J. D. Salinger’s books going digital, unpublished works to be released

Son realized the time had come since young only read books on their devices

First-edition cover of ''The Catcher in the Rye'' (1951) by the American author J. D. Salinger, Jacket design by Michael Mitchell (photo credit: BRANDT LUKE ZORN/WIKIMEDIA COMMONS)
First-edition cover of ''The Catcher in the Rye'' (1951) by the American author J. D. Salinger, Jacket design by Michael Mitchell
(photo credit: BRANDT LUKE ZORN/WIKIMEDIA COMMONS)

Fans of J. D. Salinger, the writer whose works include The Catcher in the Rye, the classic novel which inspired a passionate following, have two reasons to rejoice this week: His son, Matthew Salinger, announced that his father’s books will be published digitally for the first time, and that his father’s unpublished works will also soon be published.

Salinger, whose father was Jewish and who had a Jewish upbringing, ceased publishing – but not writing – in 1965. He passed away at the age of 91 in 2010. His daughter Margaret and a former girlfriend, Joyce Maynard, both said that he wrote virtually every day at his New Hampshire home, but chose not to publish his work.

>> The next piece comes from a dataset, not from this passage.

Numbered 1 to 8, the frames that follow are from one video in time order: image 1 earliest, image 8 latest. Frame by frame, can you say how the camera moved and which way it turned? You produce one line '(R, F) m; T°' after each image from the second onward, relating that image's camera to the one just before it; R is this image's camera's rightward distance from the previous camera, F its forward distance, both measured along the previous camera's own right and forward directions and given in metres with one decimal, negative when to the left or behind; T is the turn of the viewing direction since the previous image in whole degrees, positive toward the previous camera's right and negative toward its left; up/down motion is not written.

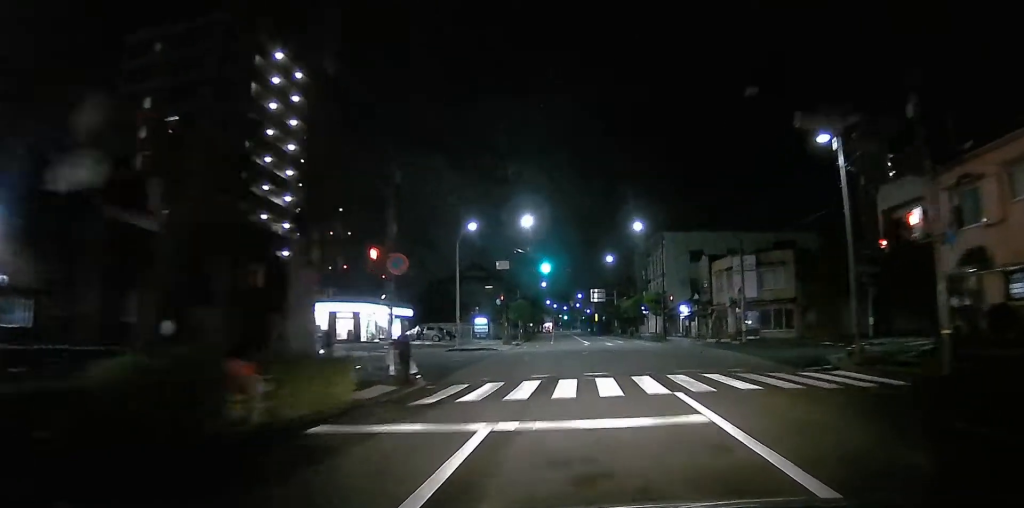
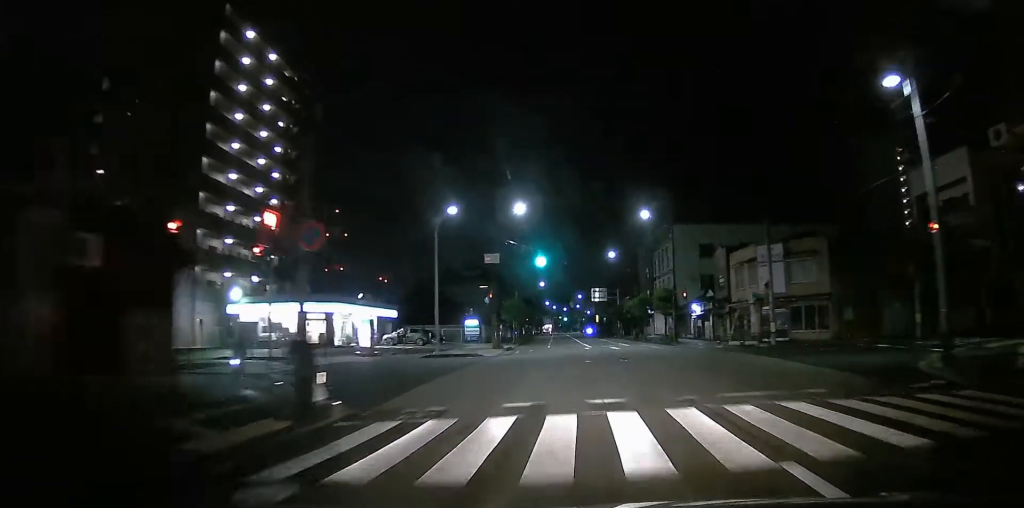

Following his death, his admirers hoped that this unpublished writing would soon see the light of day. He also refused to allow many of his stories that were published in magazines during his lifetime to be collected in book form, suing to stop publication of one such collection. The only stories he permitted to be collected in book form were in Nine Stories, published in 1953. 
All of Salinger's previously published books will now become available digitally from publisher Little, Brown : The Catcher in the Rye, Nine Stories, Franny and Zooey, and the single volume featuring two novellas: Raise High the Roof Beam, Carpenters and Seymour: An Introduction
In an interview at the New York Public Library, which was reported in The New York Times, Matthew Salinger said he realized that it was time to publish his father’s work digitally when he saw how many young people around the world only read books on their phones and devices. 
Preparing his father’s manuscripts for publication, many of which were handwritten, has been a huge task. “It’s kept him very much alive for me,” the younger Salinger said at the interview. “It’s been fascinating and joyful, and moving and sad.”
Salinger, a recluse who refused almost all interview requests, served in combat in World War II on D-Day, and in the Battle of the Bulge and the Battle of Hürtgen Forest. He was hospitalized for what was described as combat stress. Some have speculated that his traumatic war experiences may have contributed to his desire for solitude later in life. 
His son would not say how many unpublished books his father had written, but did confirm that some were about the Glass family, a fictional clan he wrote about in several stories and novellas.